Das NLP – Neurolinguistische Programmieren – ist keine geschlossene Methode. Sondern ein immer weiter wachsender Werkzeigkasten aus Theorie und vielen praktischen Umsetzungsmöglichkeiten. Sie befasst sich dabei mit Kommunikation und stellt dazu eine offene Plattform für die Arbeit mit Menschen in Veränderungssituationen zur Verfügung. Richard Bandler und John Grinder, zusammen mit weiteren untersuchten die Verhaltensweisen von besonders erfolgreichen Therapeuten, Unternehmern, Künstlern und Wissenschaftlern,  Sie beobachteten in detaillierter Form, transkripierten und analysierten diese und stellten fest, dass diese  allesamt sprachliche und nonverbale Verhaltensmuster aufwiesen, die sich auf bisher noch nicht näher bezeichnete Weise ähnelten.
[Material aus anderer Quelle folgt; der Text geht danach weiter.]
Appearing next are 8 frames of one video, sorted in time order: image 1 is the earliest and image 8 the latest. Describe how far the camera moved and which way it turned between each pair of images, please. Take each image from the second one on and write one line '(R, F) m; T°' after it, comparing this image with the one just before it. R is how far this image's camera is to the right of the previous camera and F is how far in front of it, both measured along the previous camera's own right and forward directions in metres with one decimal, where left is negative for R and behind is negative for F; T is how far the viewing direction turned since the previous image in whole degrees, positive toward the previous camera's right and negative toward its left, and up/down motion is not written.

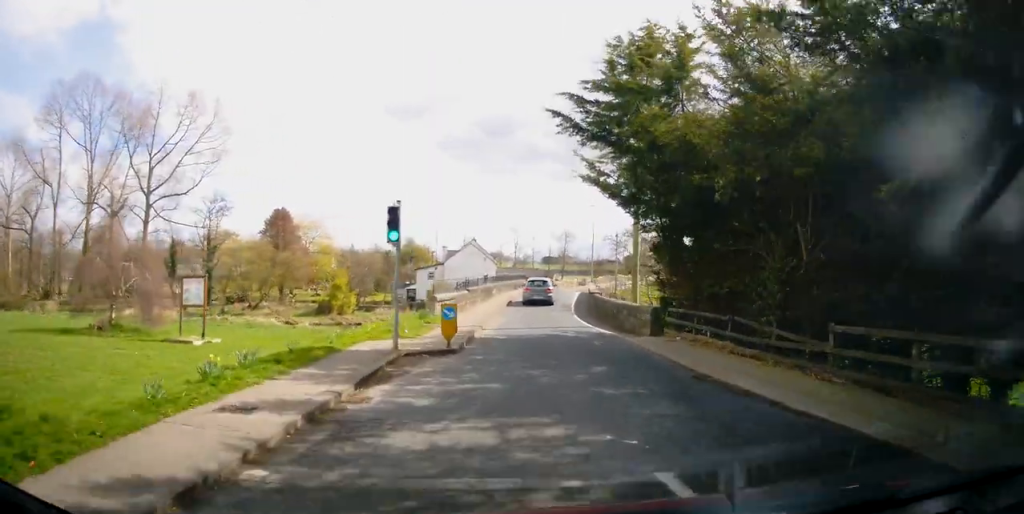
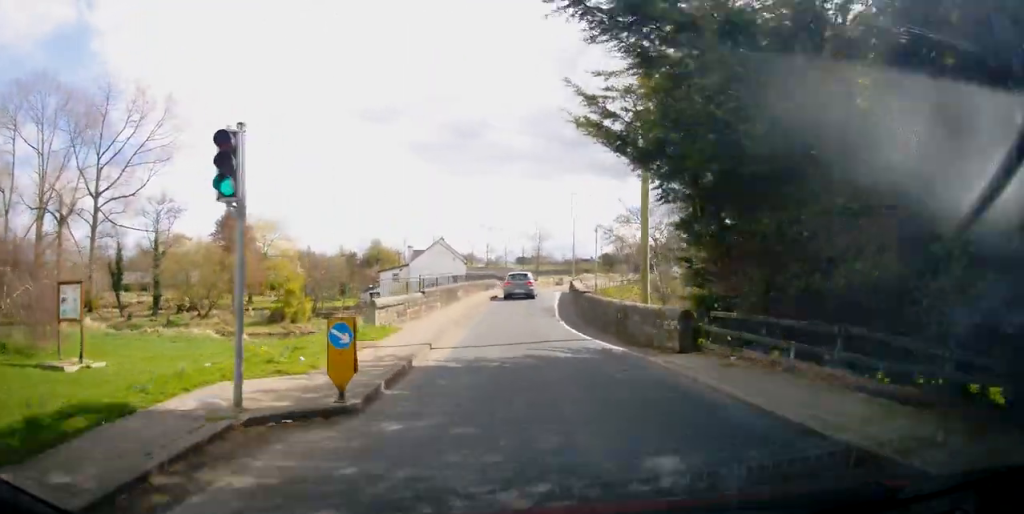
(-0.3, +6.5) m; +1°
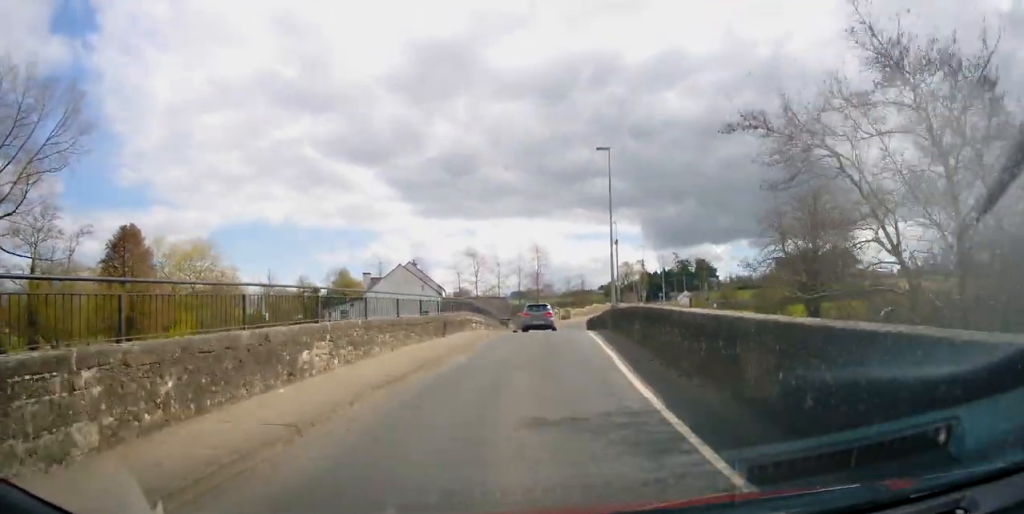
(+0.1, +20.0) m; +2°
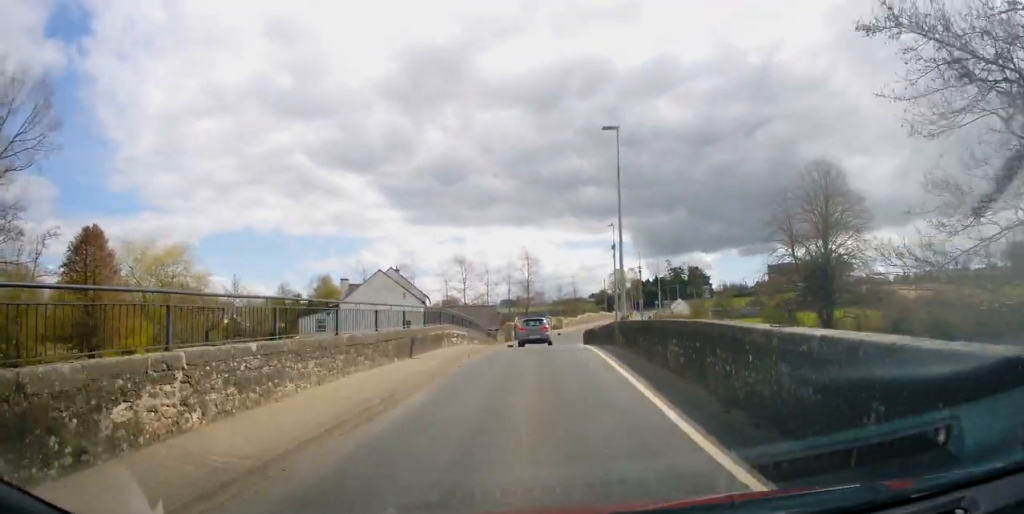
(+0.3, +4.3) m; +1°
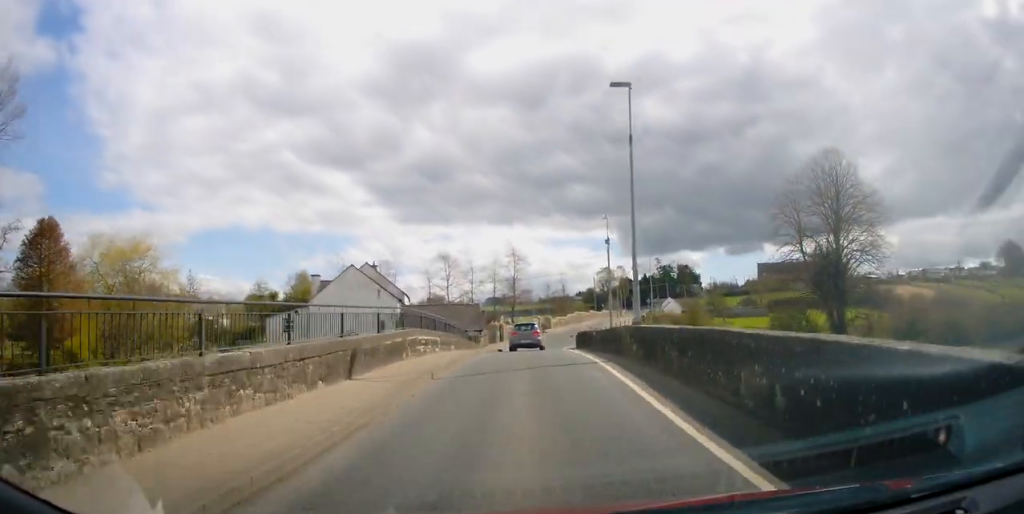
(+0.2, +4.3) m; +1°
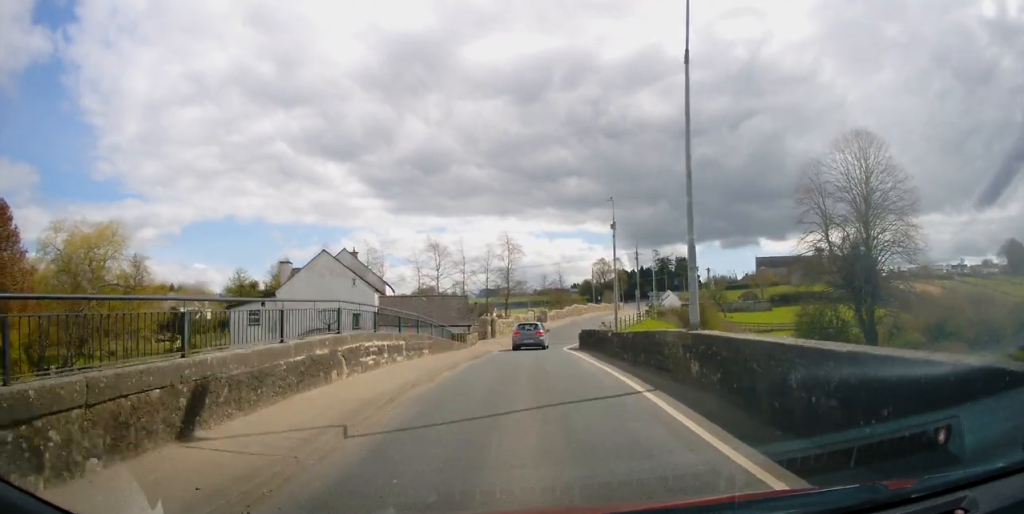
(-0.1, +5.5) m; 0°
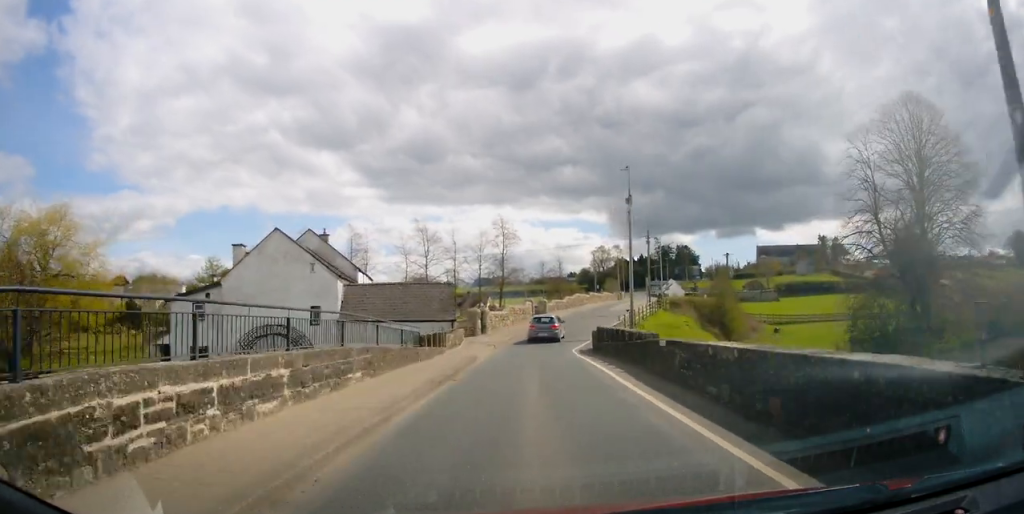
(0.0, +7.6) m; 0°
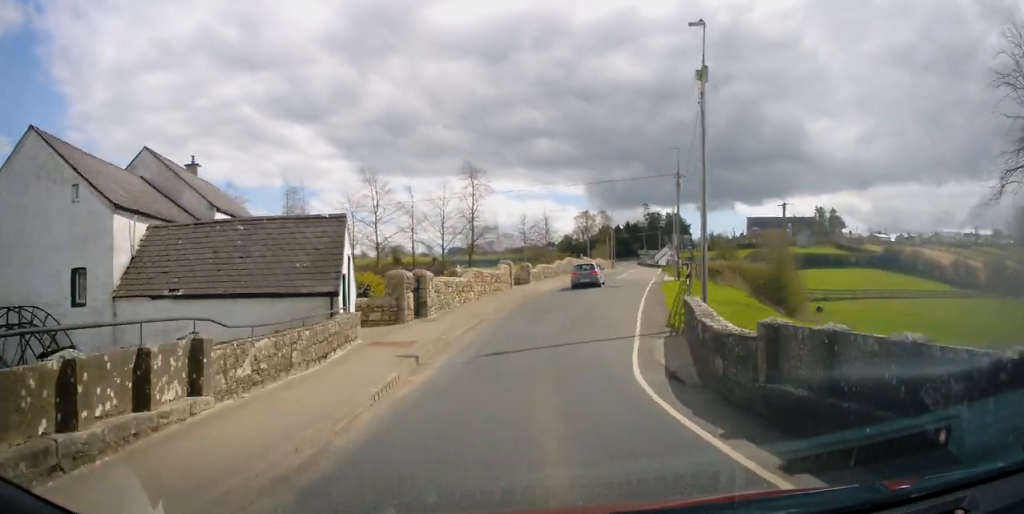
(+0.3, +17.6) m; +1°

Wie bei anderen psychologischen Ansätzen auch, wird im NLP davon ausgegangen, dass menschliches Verhalten durch innere Prozesse strukturiert wird. Innere Prozesse können demnach dadurch gestört werden, dass äußere Reize bestimmte Empfindungen auslösen, die durch innere Bilder oder Gefühle überlagert sind.

Beliefs

Als Glaubenssatz wird hierbei der sprachliche Ausdruck über das subjektive Wahrheitsempfinden einer Person bezeichnet. Sie stellen für die Methode einen Ausdruck innerer Modelle dar, mit deren Hilfe ein Mensch Abbilder seiner Umwelt (sog. Landkarten) entwirft um sich sozial zu orientieren. Glaubenssätze werden in der NLP-Terminologie mit dem englischen Wort Belief zur Grundsatzarbeit für die Ressourcenorientierung herangezogen und sind mit Glaubenssätzen im religiösen Kontext nicht zu vergleichen.
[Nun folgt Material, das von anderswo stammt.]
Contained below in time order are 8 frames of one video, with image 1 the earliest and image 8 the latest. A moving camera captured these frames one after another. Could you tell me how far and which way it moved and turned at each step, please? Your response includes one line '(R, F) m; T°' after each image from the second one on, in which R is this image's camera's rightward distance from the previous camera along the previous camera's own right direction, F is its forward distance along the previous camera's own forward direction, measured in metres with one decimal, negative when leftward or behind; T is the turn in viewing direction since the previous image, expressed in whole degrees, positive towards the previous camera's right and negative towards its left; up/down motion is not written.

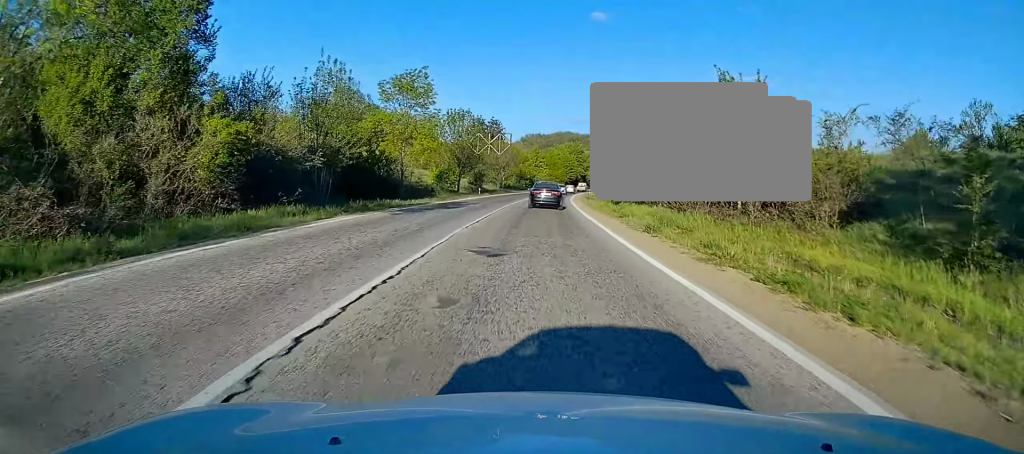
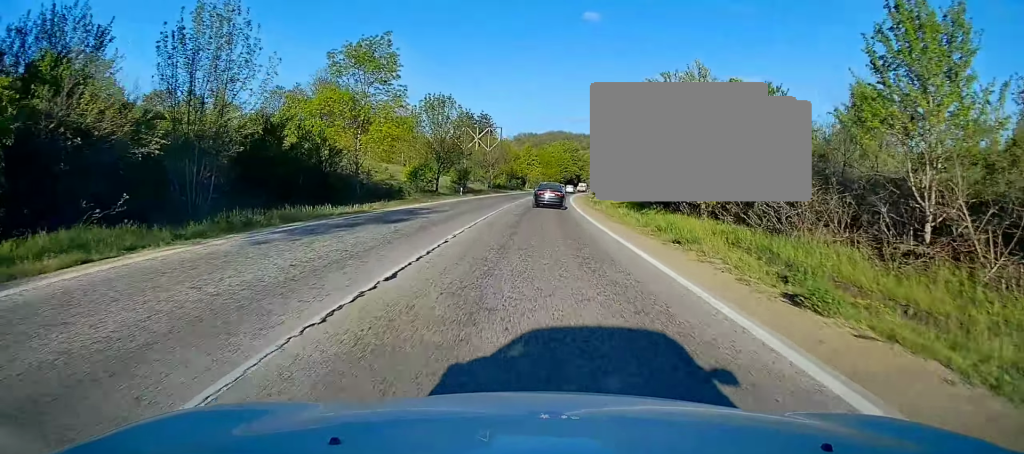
(0.0, +11.4) m; 0°
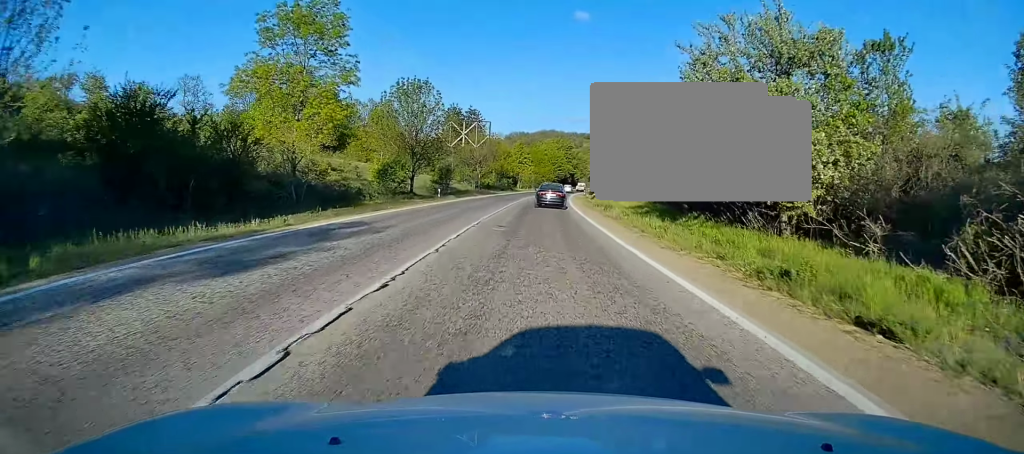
(+0.2, +9.5) m; +1°
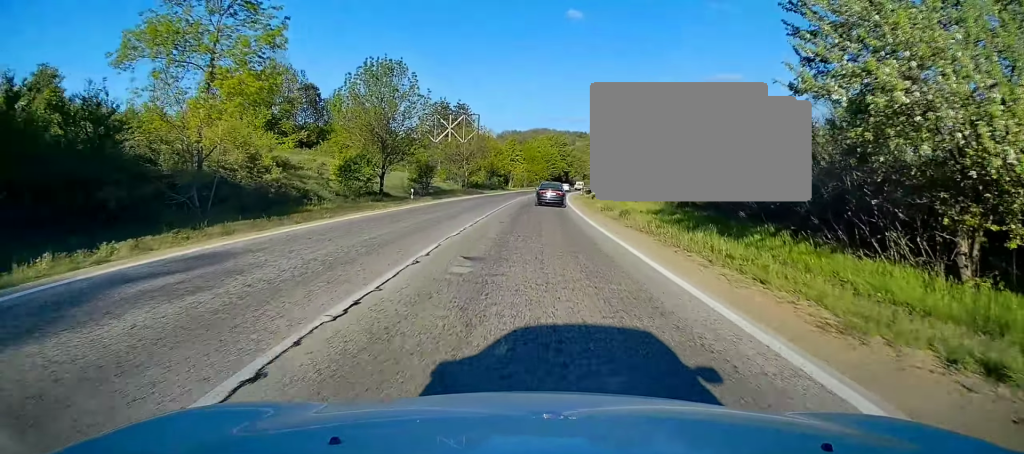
(0.0, +8.3) m; +1°
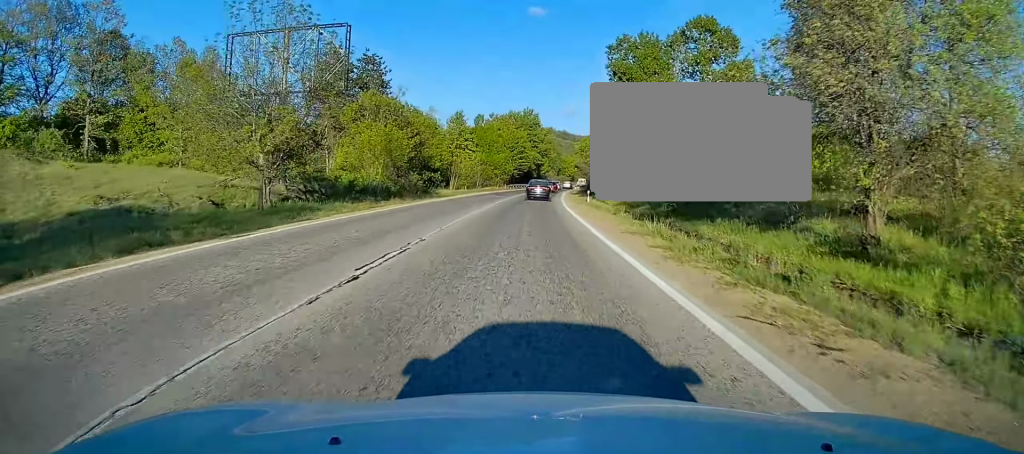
(+1.5, +53.2) m; +3°
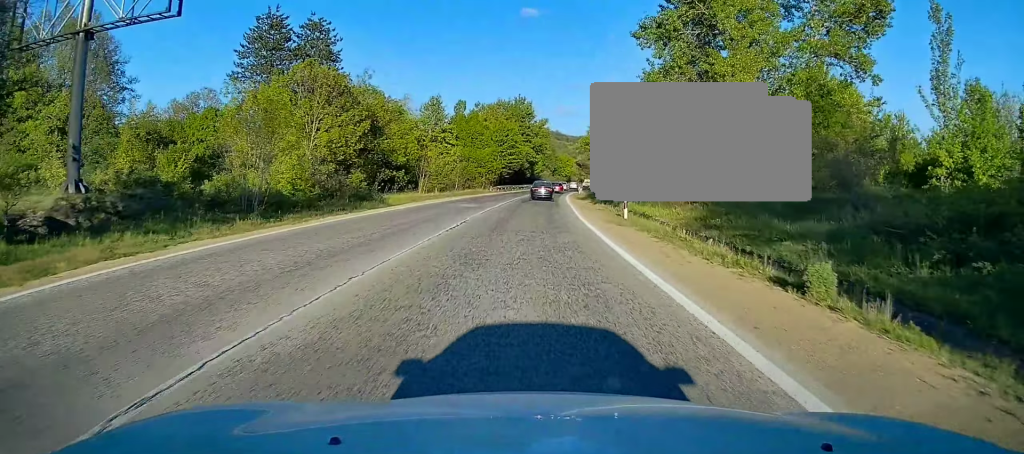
(+0.4, +19.5) m; +1°
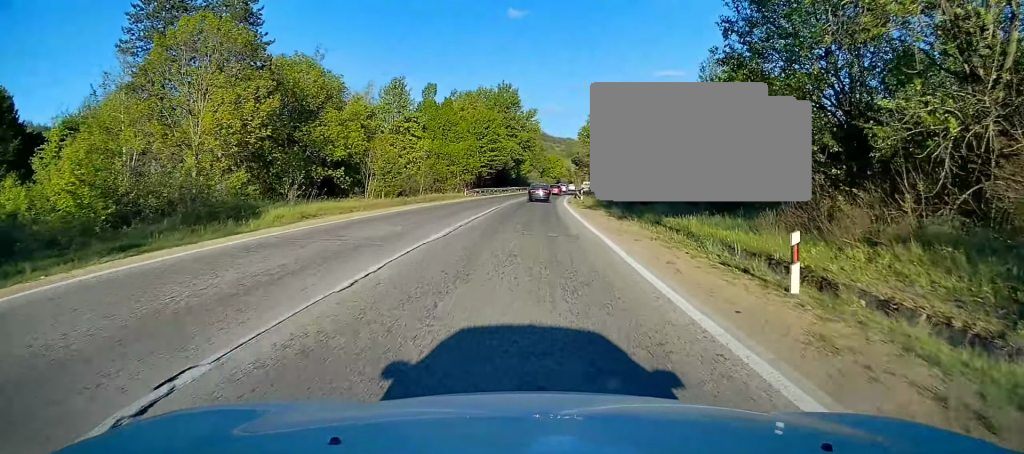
(0.0, +17.0) m; +1°
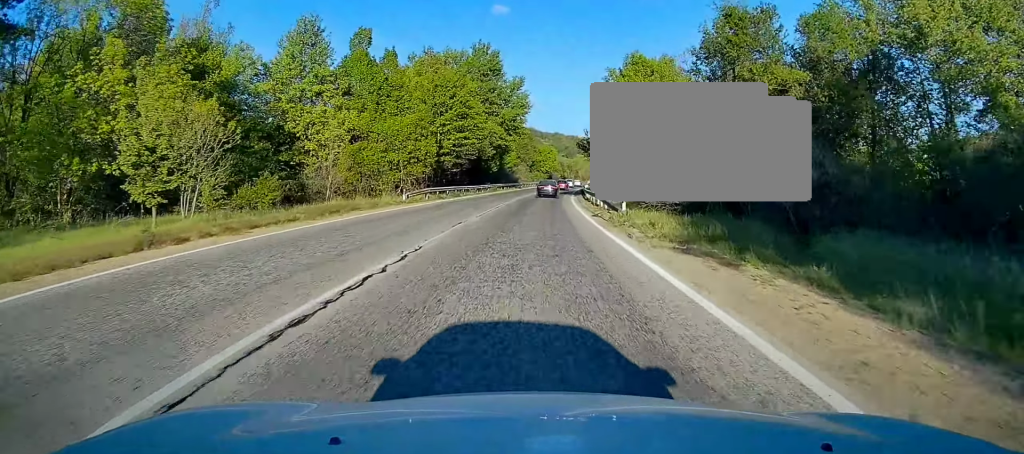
(+0.4, +25.3) m; +1°

Ein sehr zentrales Instrument im NLP sind zwei bewusst erlernbare Fähigkeiten zum Gegenüber Rapport („eine gute Beziehung“) herzustellen. Rapport wird durch die intuitive oder bewusste Anwendung von Führung und Anpassung im Gespräch hergestellt: Pacing spiegelt den Kommunikationspartner und basiert auf der Erkenntnis, dass, wenn sich Menschen gut verstehen, sie sich angleichen (unter anderem in Tonfall, Lautstärke, Sprechtempo, Körperhaltung, Distanz, Direktheit des Auftretens). Leading hingegen eröffnet neue körpersprachliche oder tonale Signale um im Gespräch die Führung zu übernehmen. Dabei muss dies nicht im selben Augenblick wie beim Gegenüber geschehen, sondern kann auch zeitversetzt ablaufen und sollte sich im Gespräch mit Pacing abwechseln. Priorität hat hierbei nicht die Manipulation des Gegenüber, sondern der bewusste emotionale Kontakt.